Truth No Matter What

My Mother Stephany Garfield
 2'9" by 3', oil on canvas cloth

The main thing is, writers write, artists paint or sculpt or scream into the void with the work they do, whatever it is.  If creatives don't create, if all they do is marinate, think about their creations-to-be, then what are they?
To be true to yourself and live a meaningful life, you really do have to make certain choices.  I choose to use my voice in any way I can, to say whatever it is I’m trying to say, and I don't always know what that is.  Nothing is out of bounds for the artist.  All of us speak from somewhere inside and we don't always know what we're saying, until after we said it, and often not even then.

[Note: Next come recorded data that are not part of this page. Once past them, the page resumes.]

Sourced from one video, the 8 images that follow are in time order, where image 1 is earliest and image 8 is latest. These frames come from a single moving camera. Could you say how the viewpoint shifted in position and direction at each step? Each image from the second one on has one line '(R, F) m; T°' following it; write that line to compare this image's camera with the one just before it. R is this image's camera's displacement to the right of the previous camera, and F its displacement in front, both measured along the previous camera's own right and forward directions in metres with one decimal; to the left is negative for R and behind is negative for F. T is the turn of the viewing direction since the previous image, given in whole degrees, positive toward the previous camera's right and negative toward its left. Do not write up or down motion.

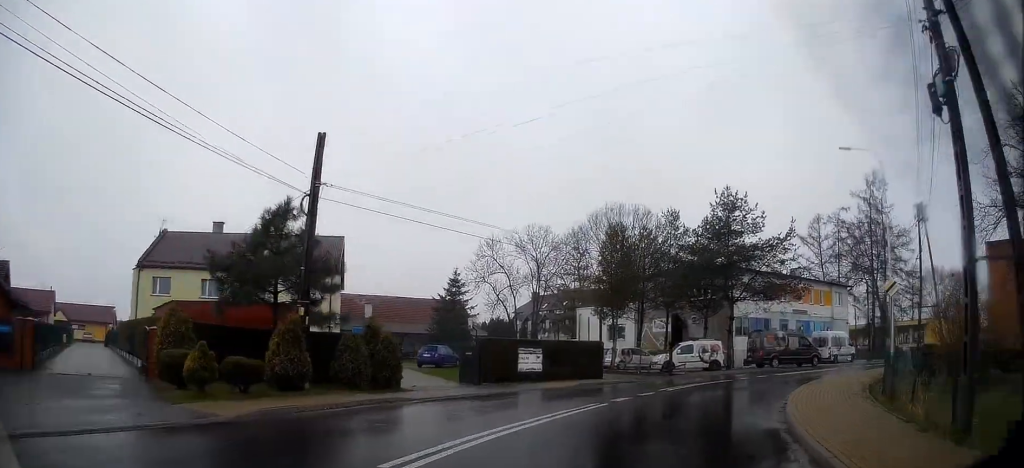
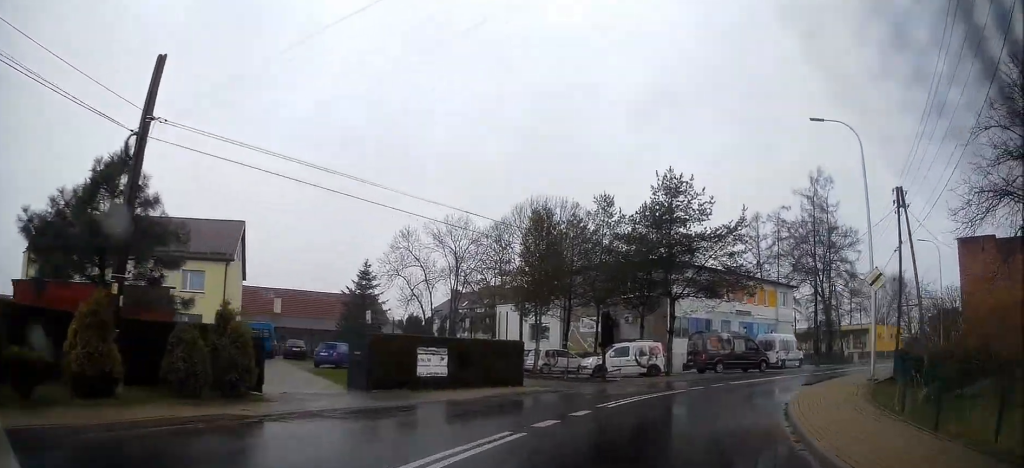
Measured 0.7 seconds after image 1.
(+0.2, +4.8) m; +5°
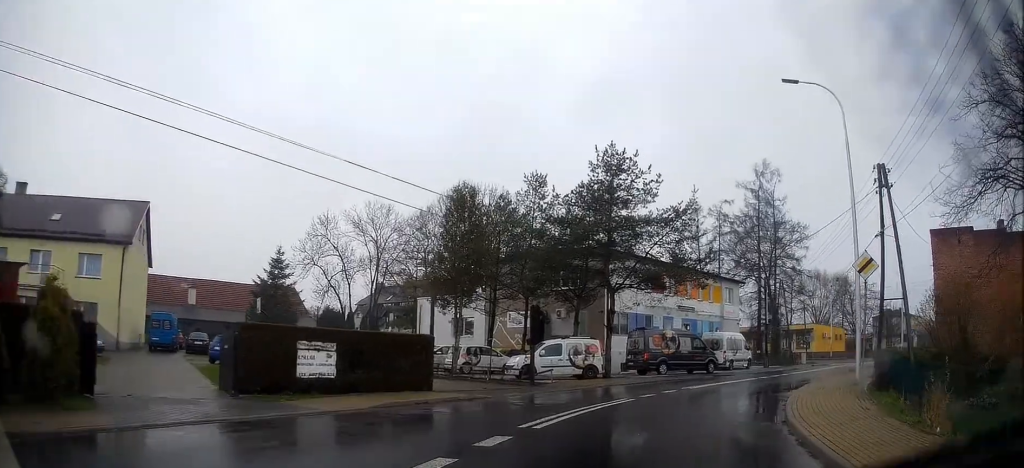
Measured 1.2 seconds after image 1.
(0.0, +4.0) m; +5°
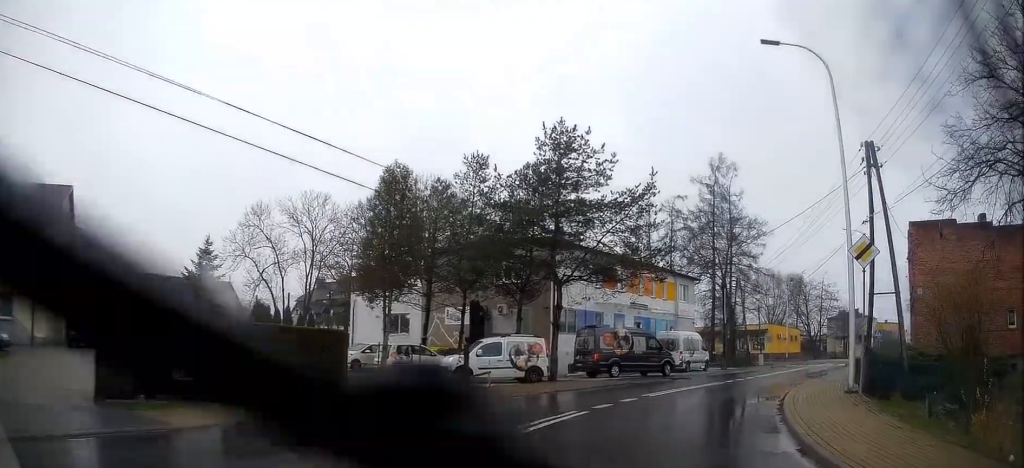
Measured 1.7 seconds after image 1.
(+0.2, +3.0) m; +5°
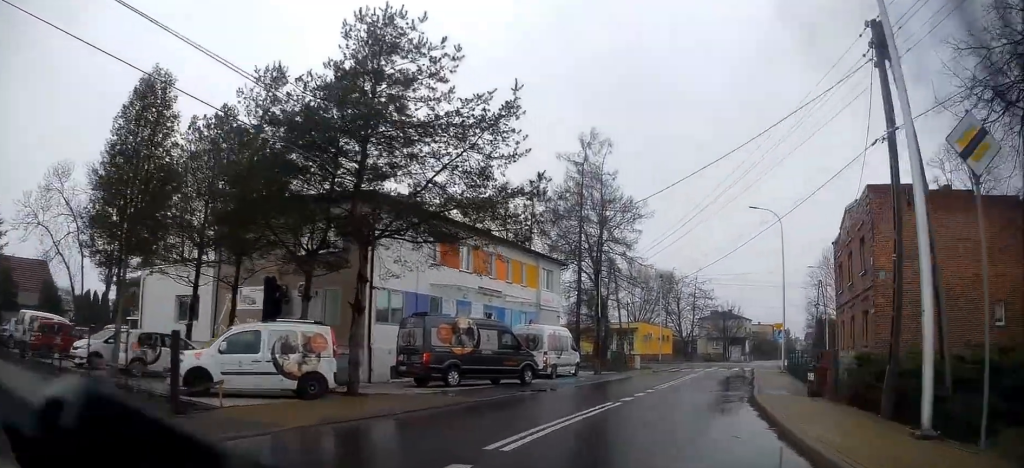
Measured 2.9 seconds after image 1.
(+1.2, +8.1) m; +14°
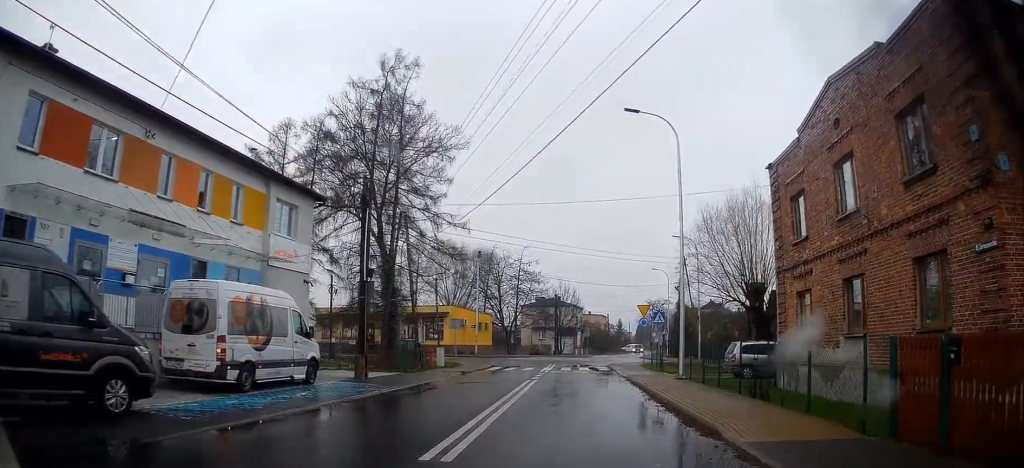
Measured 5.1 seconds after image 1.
(+1.5, +11.5) m; +14°
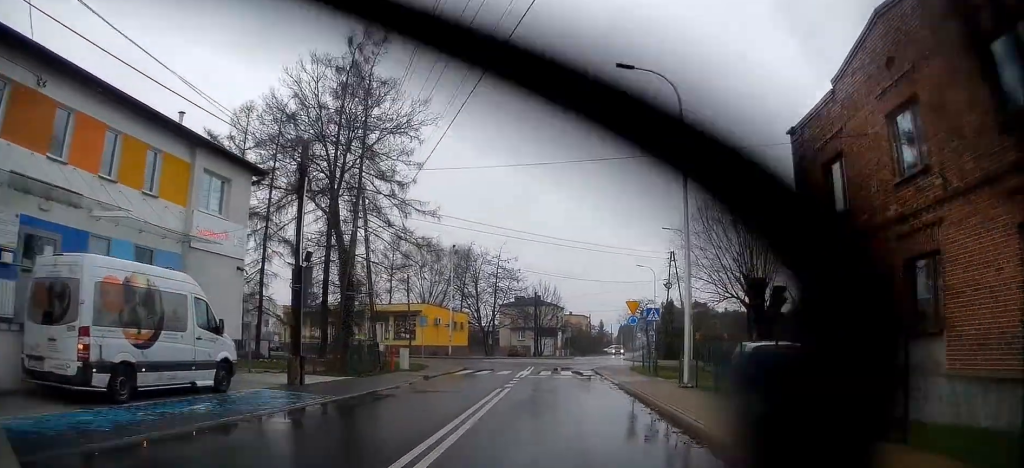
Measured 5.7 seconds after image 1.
(+0.1, +3.2) m; +2°
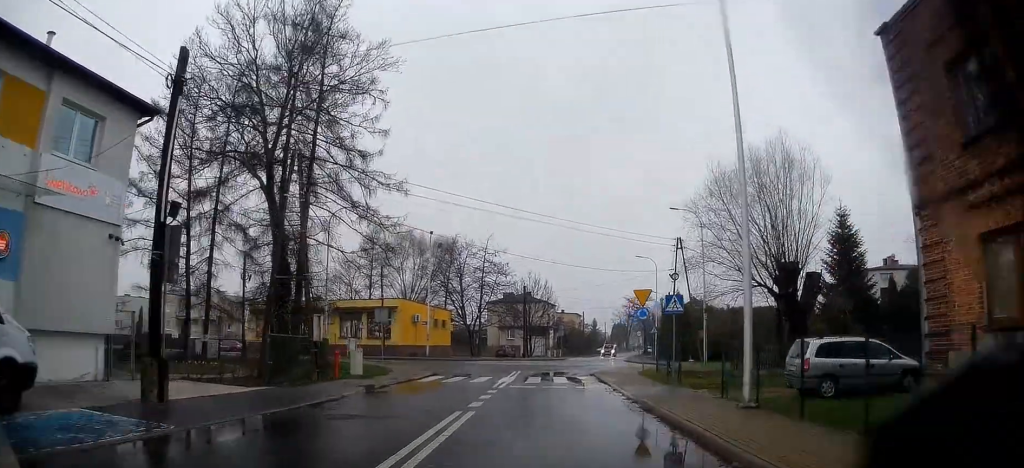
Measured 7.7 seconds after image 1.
(+0.6, +11.7) m; +5°

Stephany at Winnipeg Beach
3' by 5', oil on canvas
But it's not important that we know on a conscious level.  It's important only that we say it, and then move on to the next unformed or perfectly formed thought, because art is confusing and complicated, even if it looks simple.  Art is a mirror of the soul, and I don't know what a soul really is.  Art is neither good or bad, but if it's art, it's honest.
Everything Falls Away
In life, people we love are faced with mortality in a public sort of way.  It's inevitable.  When my mother grew old, she often reminded me of a withering flower.  Every time I looked at her, I saw a flower growing older and older and older, more fragile, thinner, but no less beautiful.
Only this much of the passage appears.